**** Extracted information ****
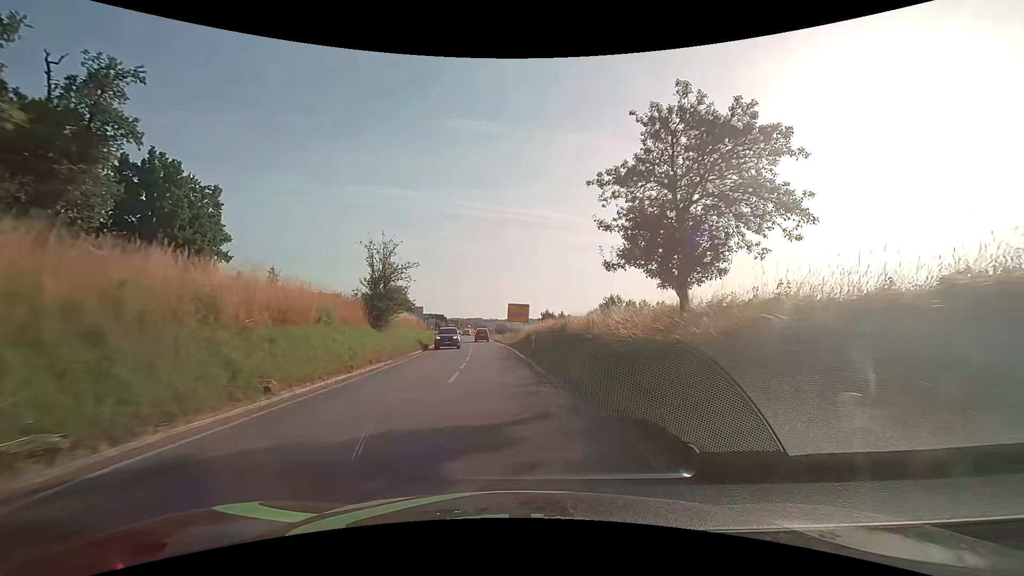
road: secondary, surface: asphalt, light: Day
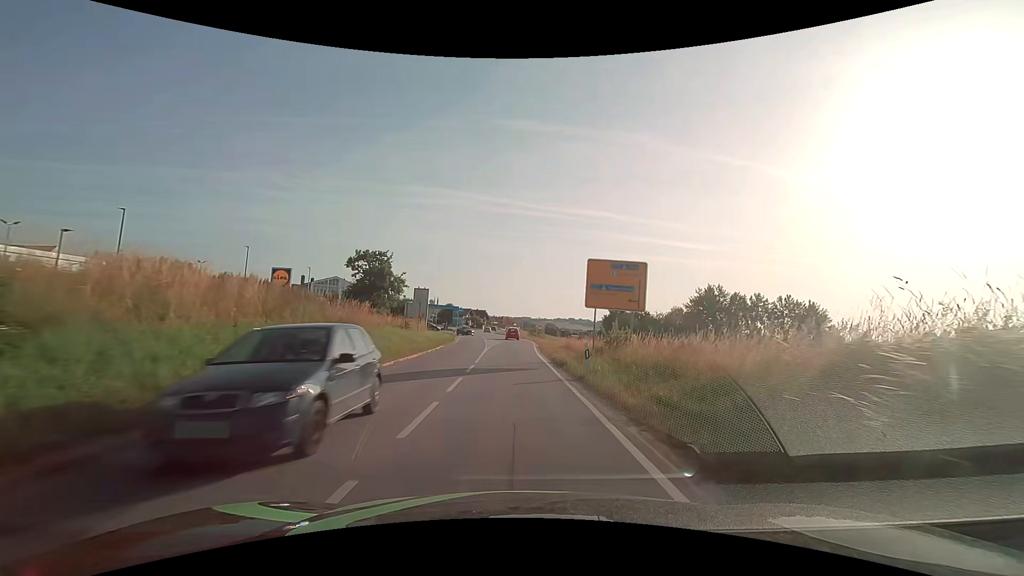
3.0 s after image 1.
(-1.8, +38.4) m; -5°
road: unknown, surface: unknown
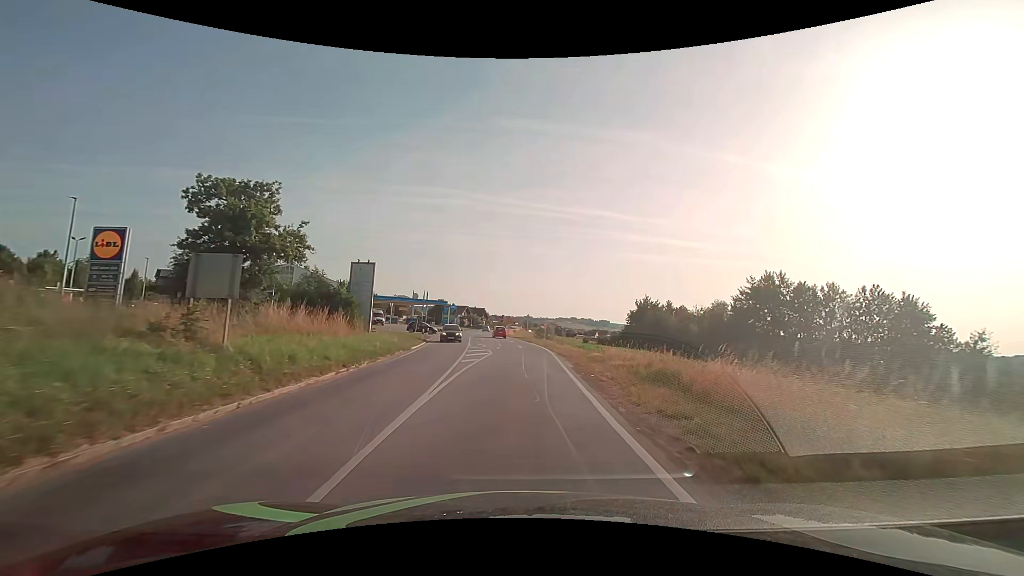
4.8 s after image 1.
(-0.2, +23.0) m; 0°
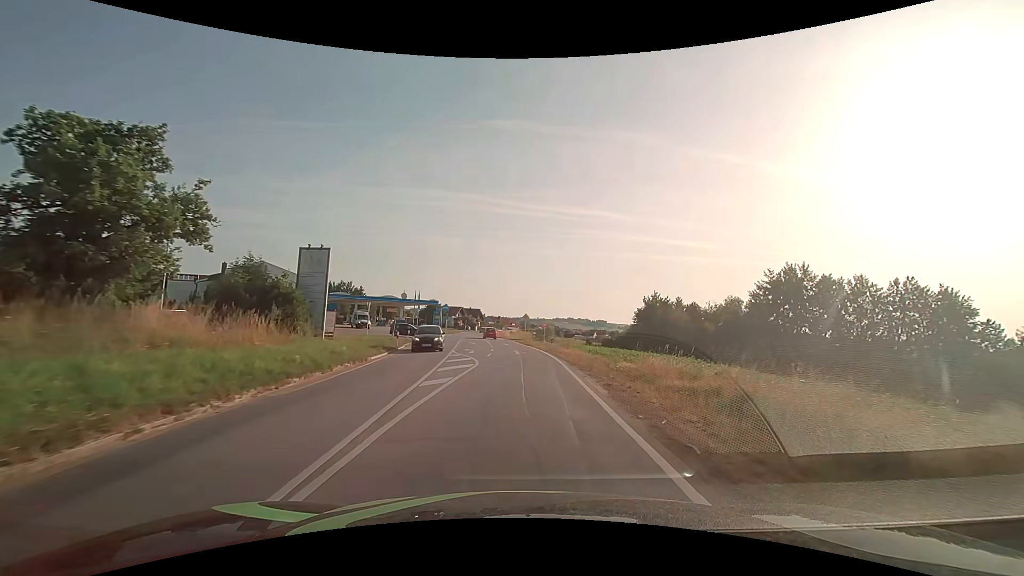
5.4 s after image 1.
(0.0, +7.6) m; +1°
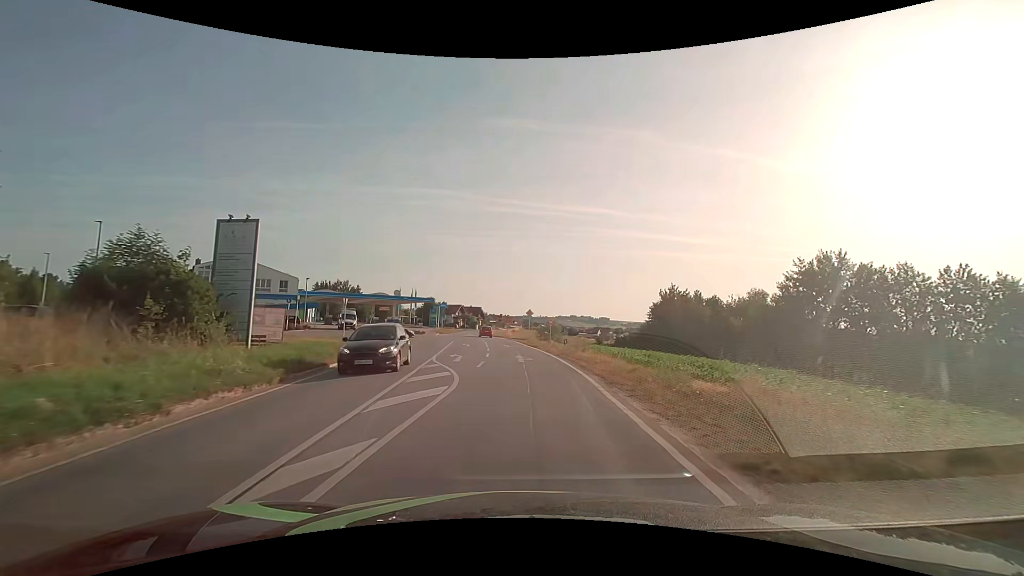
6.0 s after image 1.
(0.0, +7.6) m; 0°
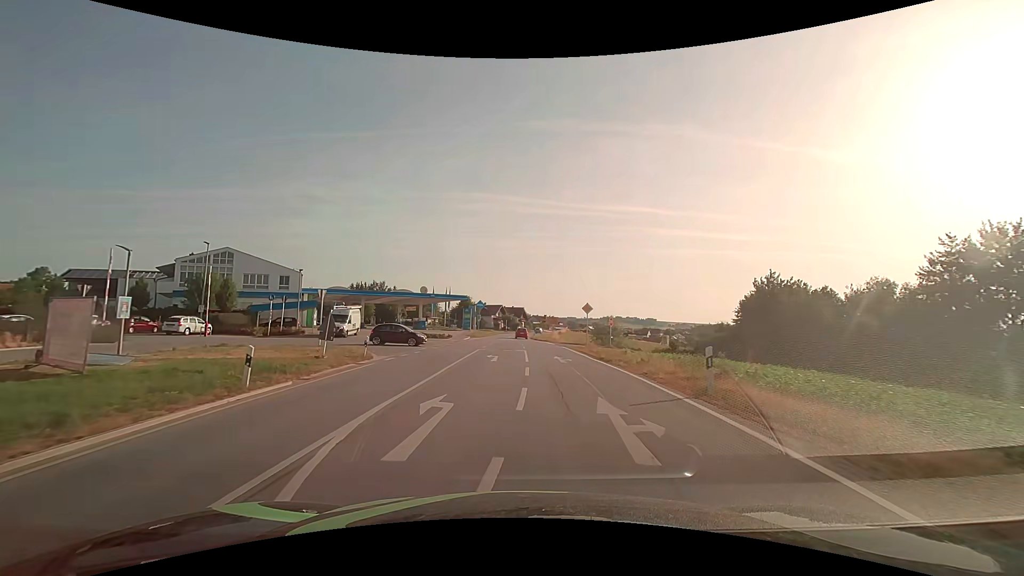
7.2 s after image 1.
(-0.6, +14.4) m; -5°
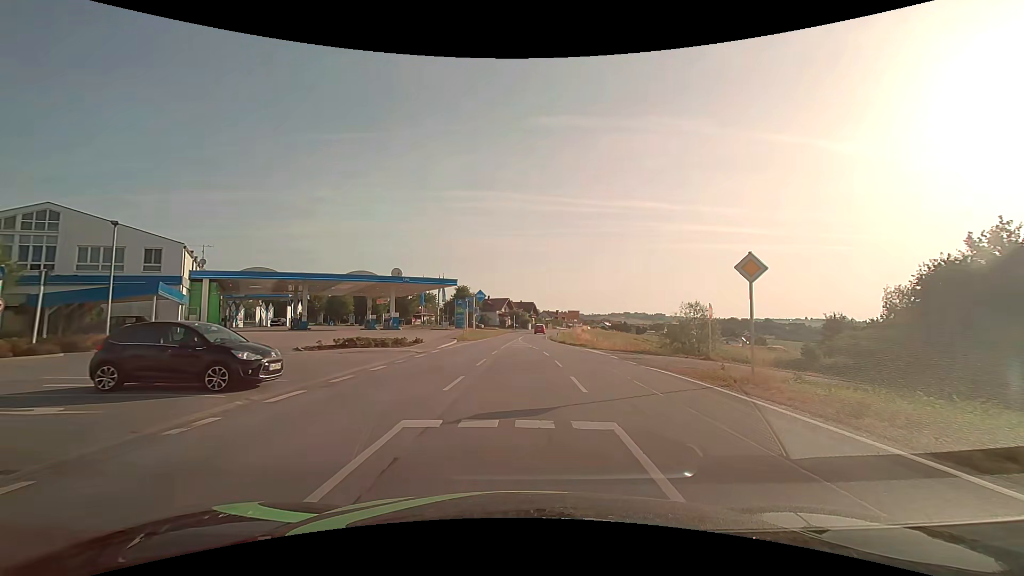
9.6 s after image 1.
(-0.8, +23.5) m; -1°
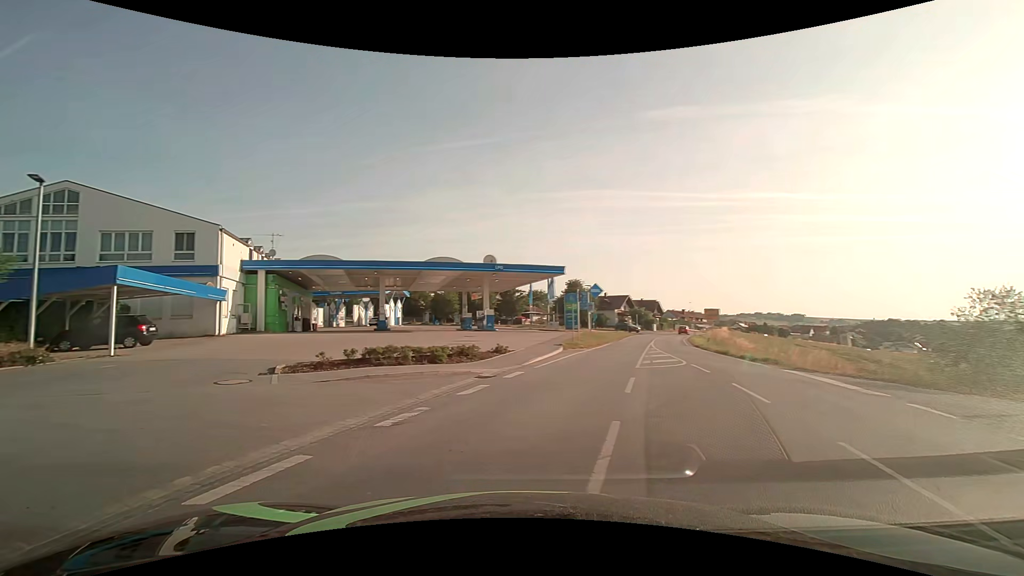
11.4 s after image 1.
(-0.5, +11.8) m; -12°
****
■ What the task requires ■
When the word "surface" occurs in a line above, list that line.

■ Answer section ■
road: secondary, surface: asphalt, light: Day
road: unknown, surface: unknown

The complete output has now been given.